PROVIDED ENTRIES
———

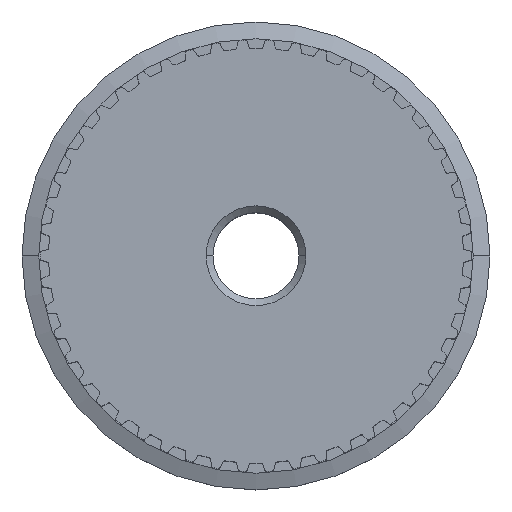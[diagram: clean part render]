
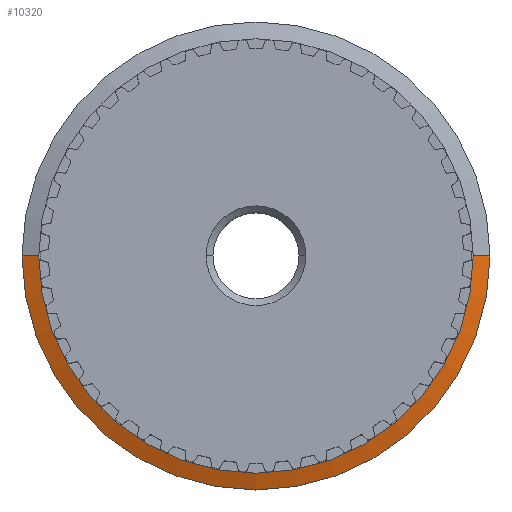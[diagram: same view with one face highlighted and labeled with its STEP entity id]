
A CAD part, top view. The second image highlights one B-rep face of the part: STEP entity #10320.
In plain terms, the highlighted conical face has half-angle 70 degrees and reference radius 17.25 mm.
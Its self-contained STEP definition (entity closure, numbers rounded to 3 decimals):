
#1049 = DIRECTION ( 'NONE',  ( -1., 0., 0. ) ) ;
#1050 = CARTESIAN_POINT ( 'NONE',  ( 0., 0., -5.45 ) ) ;
#1051 = DIRECTION ( 'NONE',  ( 0., 0., -1. ) ) ;
#1169 = ORIENTED_EDGE ( 'NONE', *, *, #9313, .F. ) ;
#1170 = ORIENTED_EDGE ( 'NONE', *, *, #1889, .F. ) ;
#1171 = ORIENTED_EDGE ( 'NONE', *, *, #9315, .T. ) ;
#1172 = ORIENTED_EDGE ( 'NONE', *, *, #1888, .T. ) ;
#1888 = EDGE_CURVE ( 'NONE', #2056, #2037, #2500, .T. ) ;
#1889 = EDGE_CURVE ( 'NONE', #2038, #2050, #2498, .T. ) ;
#2037 = VERTEX_POINT ( 'NONE', #3280 ) ;
#2038 = VERTEX_POINT ( 'NONE', #3281 ) ;
#2050 = VERTEX_POINT ( 'NONE', #3293 ) ;
#2056 = VERTEX_POINT ( 'NONE', #3299 ) ;
#2498 = CIRCLE ( 'NONE', #2803, 16.014 ) ;
#2500 = CIRCLE ( 'NONE', #2802, 17.25 ) ;
#2802 = AXIS2_PLACEMENT_3D ( 'NONE', #3171, #3172, #3173 ) ;
#2803 = AXIS2_PLACEMENT_3D ( 'NONE', #3175, #3176, #3177 ) ;
#3171 = CARTESIAN_POINT ( 'NONE',  ( 0., 0., -5.45 ) ) ;
#3172 = DIRECTION ( 'NONE',  ( 0., 0., 1. ) ) ;
#3173 = DIRECTION ( 'NONE',  ( 1., 0., 0. ) ) ;
#3175 = CARTESIAN_POINT ( 'NONE',  ( 0., 0., -5. ) ) ;
#3176 = DIRECTION ( 'NONE',  ( 0., 0., 1. ) ) ;
#3177 = DIRECTION ( 'NONE',  ( 1., 0., 0. ) ) ;
#3280 = CARTESIAN_POINT ( 'NONE',  ( 17.25, 0., -5.45 ) ) ;
#3281 = CARTESIAN_POINT ( 'NONE',  ( -16.014, 0., -5. ) ) ;
#3293 = CARTESIAN_POINT ( 'NONE',  ( 16.014, 0., -5. ) ) ;
#3299 = CARTESIAN_POINT ( 'NONE',  ( -17.25, 0., -5.45 ) ) ;
#4511 = LINE ( 'NONE', #5117, #4513 ) ;
#4513 = VECTOR ( 'NONE', #5114, 1000. ) ;
#4514 = LINE ( 'NONE', #5124, #4516 ) ;
#4516 = VECTOR ( 'NONE', #5120, 1000. ) ;
#5114 = DIRECTION ( 'NONE',  ( 0.94, 0., -0.342 ) ) ;
#5117 = CARTESIAN_POINT ( 'NONE',  ( 17.25, 0., -5.45 ) ) ;
#5120 = DIRECTION ( 'NONE',  ( -0.94, 0., -0.342 ) ) ;
#5124 = CARTESIAN_POINT ( 'NONE',  ( -17.25, 0., -5.45 ) ) ;
#6074 = FACE_OUTER_BOUND ( 'NONE', #7707, .T. ) ;
#6081 = CONICAL_SURFACE ( 'NONE', #6832, 17.25, 1.222 ) ;
#6832 = AXIS2_PLACEMENT_3D ( 'NONE', #1050, #1051, #1049 ) ;
#7707 = EDGE_LOOP ( 'NONE', ( #1169, #1170, #1171, #1172 ) ) ;
#9313 = EDGE_CURVE ( 'NONE', #2050, #2037, #4511, .T. ) ;
#9315 = EDGE_CURVE ( 'NONE', #2038, #2056, #4514, .T. ) ;
#10320 = ADVANCED_FACE ( 'NONE', ( #6074 ), #6081, .T. ) ;
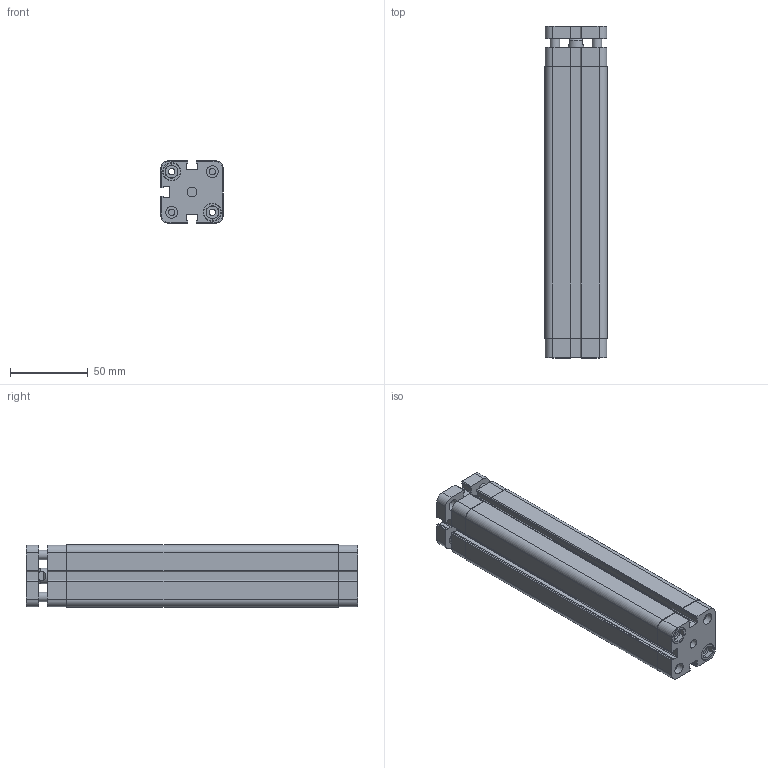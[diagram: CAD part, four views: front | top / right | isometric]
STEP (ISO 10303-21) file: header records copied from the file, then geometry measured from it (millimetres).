
FILE_DESCRIPTION((''),'2;1');
FILE_NAME('ADMA025.160.GS.F.stp','2011-08-26T10:37:11',('Administrator'),(''),'Autodesk Inventor 2012','Autodesk Inventor 2012','');
FILE_SCHEMA(('AUTOMOTIVE_DESIGN { 1 0 10303 214 1 1 1 1 }'));
Length unit declared in the file: millimetre
Products named in the file (1): ADMA025.160.GS.F
Bounding box: 40.1 x 213 x 40.1 mm (x, y, z)
Volume: 292876.2 mm3; surface area: 58342.5 mm2
Topology: 1 solids, 1 shells, 317 faces, 830 edges, 546 vertices
Faces by surface type: plane 191, cylinder 125, torus 1
Full cylindrical faces by diameter (mm): 4.134 x6, 5 x4, 6 x3, 7 x2, 7.5 x6, 8 x4, 8.5 x1, 10 x1, 11.1 x4, 11.6 x1, 11.7 x4, 14 x1
Entity records: 9940 total; most frequent: DIRECTION 1692, CARTESIAN_POINT 1674, ORIENTED_EDGE 1568, EDGE_CURVE 784, AXIS2_PLACEMENT_3D 592, VERTEX_POINT 538, VECTOR 508, LINE 508
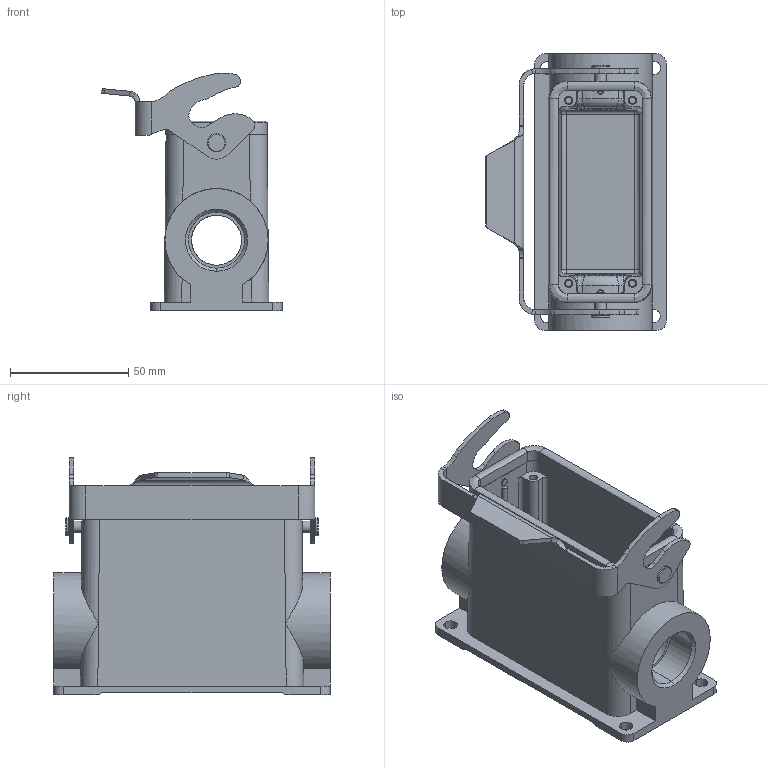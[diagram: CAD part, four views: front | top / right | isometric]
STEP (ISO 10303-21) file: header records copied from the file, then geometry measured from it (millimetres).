
FILE_DESCRIPTION(/* description */ (''),/* implementation_level */ '2;1');
FILE_NAME(/* name */ 'H16B-SFH-1L-XXX.stp',/* time_stamp */ '2022-08-12T09:58:00+08:00',/* author */ (''),/* organization */ (''),/* preprocessor_version */ 'ST-DEVELOPER v16',/* originating_system */ 'SIEMENS PLM Software NX 10.0',/* authorisation */ '');
FILE_SCHEMA (('AUTOMOTIVE_DESIGN { 1 0 10303 214 3 1 1 1 }'));
Length unit declared in the file: millimetre
Products named in the file (1): Admi11682A00h7kf
Bounding box: 76.36 x 117 x 100.63 mm (x, y, z)
Volume: 155253.3 mm3; surface area: 67279.7 mm2
Topology: 1 solids, 1 shells, 307 faces, 843 edges, 552 vertices
Faces by surface type: cylinder 132, plane 125, bspline 24, cone 20, extrusion 4, torus 2
Full cylindrical faces by diameter (mm): 3 x2, 4.8 x4, 7.8 x2
Entity records: 10653 total; most frequent: CARTESIAN_POINT 2846, ORIENTED_EDGE 1654, DIRECTION 1600, EDGE_CURVE 827, AXIS2_PLACEMENT_3D 593, VERTEX_POINT 547, VECTOR 414, LINE 410

———

EXERCISE OBJECTIVE
In how many lines of the material above does the word "named" occur? Give the number and no other text.

OUTPUT BELOW
2